Gabor Maté (Hold On to Your Kids: Why Parents Need to Matter More Than Peers)
In 1925, Gerardo Machado defeated the conservative Mario García Menocal by an overwhelming majority, becoming Cuba's 5th president. A colleague of Alfredo Zayas, he was also a popular Liberal Party member, and a General during the Cuban War of Independence. General Machado was best known for rustling cattle from the Spanish Imperial Army’s livestock herd, with the good intention of feeding the poor during the revolution. This brazen act of kindness won him a great deal of support among the people. As President, he undertook many popular public projects, including the construction of a highway running the entire length of Cuba. During the beginning of his career as president, he had the National Capitol, as well as other government buildings, constructed in Havana. At first, he did much to modernize and industrialize the mostly agrarian nation. Benito Mussolini and his march on Rome impressed Machado.
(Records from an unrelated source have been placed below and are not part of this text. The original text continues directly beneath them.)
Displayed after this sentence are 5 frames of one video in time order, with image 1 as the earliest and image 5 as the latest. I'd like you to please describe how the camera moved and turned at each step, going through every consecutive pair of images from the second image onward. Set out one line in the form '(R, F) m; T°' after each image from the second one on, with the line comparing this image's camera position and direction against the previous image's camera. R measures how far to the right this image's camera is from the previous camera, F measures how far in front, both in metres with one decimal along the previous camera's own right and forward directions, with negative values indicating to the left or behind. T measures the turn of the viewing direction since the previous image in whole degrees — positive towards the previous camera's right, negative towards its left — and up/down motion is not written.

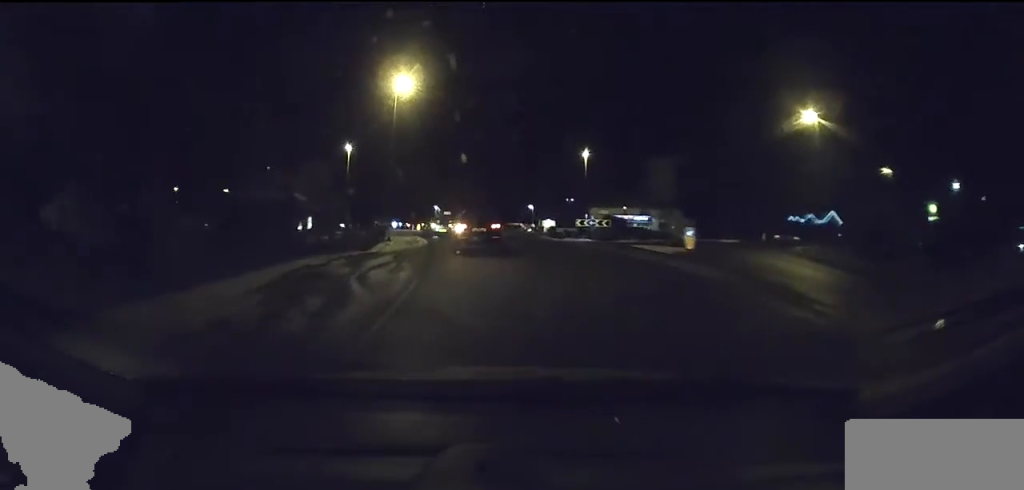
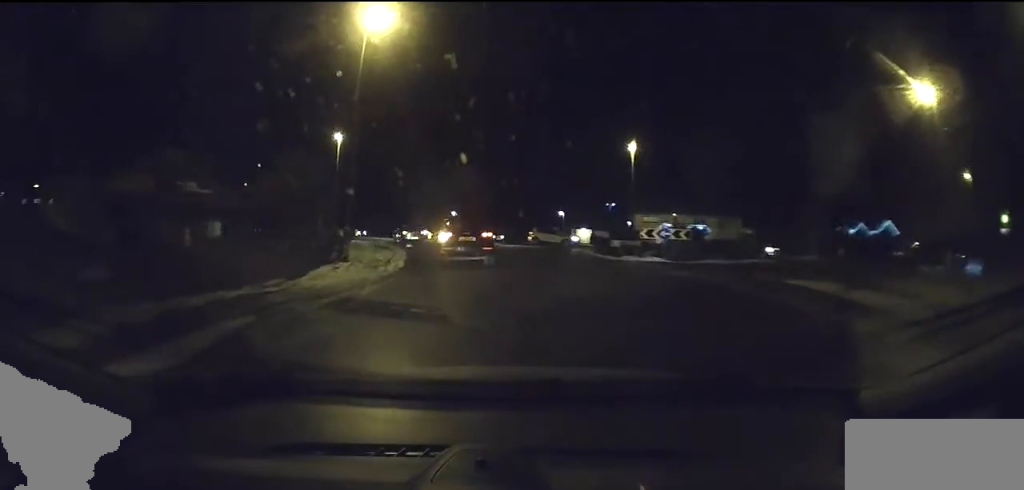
(-0.1, +10.7) m; -3°
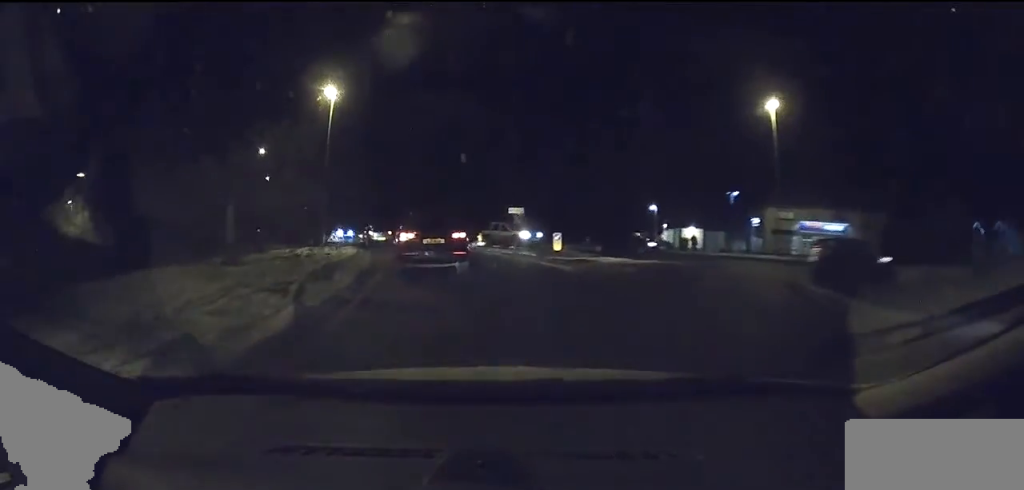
(-1.3, +14.9) m; -10°
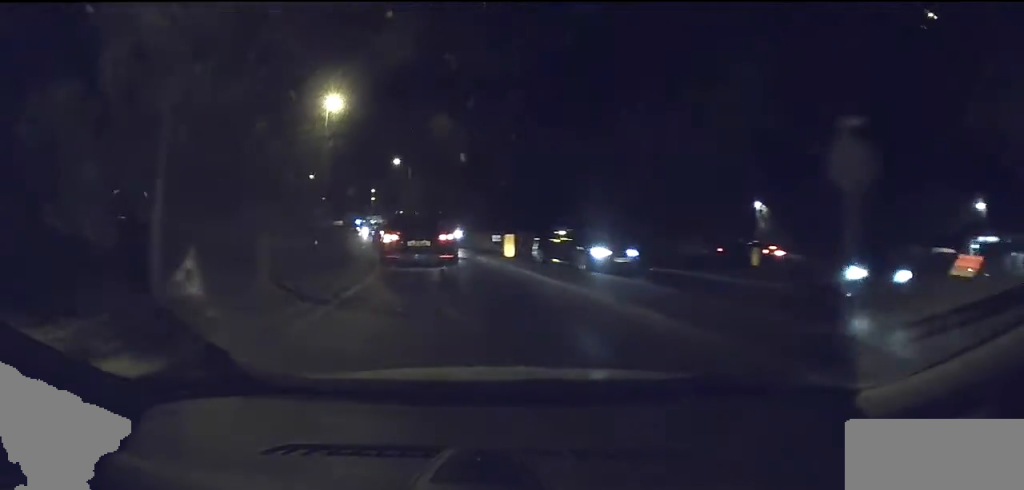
(-3.5, +23.3) m; -17°
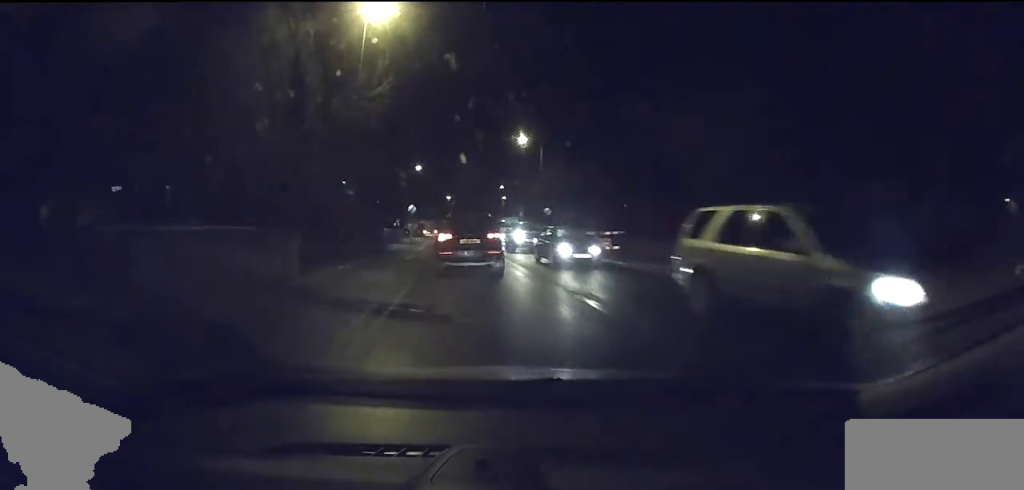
(-3.0, +16.1) m; -18°

He admired Mussolini for demanding that liberal King Victor Emmanuel III of Italy elevate the Fascists to power, instead of the Socialists. Although Mussolini originally started his political career as a Socialist, with power and wealth he became a staunch anti-communist. When he was elected as the 27th Prime Minister, he turned Italy into a Totalitarian State. Machado’s ambitions and admiration of Mussolini caused him to emulate the dictator and to misread the importance of his own office. Becoming a “legend in his own mind,” he overreached and started down a slope that led to his administration’s failure and earned him the hatred of the Cuban people. From the very beginning, he fought with the labor leaders and anarchists for control of the labor unions, which represented the workers in the sugar industry. This brought him into a serious conflict with the plantation owners who were mostly wealthy Cuban families and Americans. Keeping the cost of labor down became a priority for the Sugar Barons, and Machado used patriotism as a tool to keep the workers in line. His dictatorial, arrogant ways created unrest within the labor force, as well as with the politically active university students.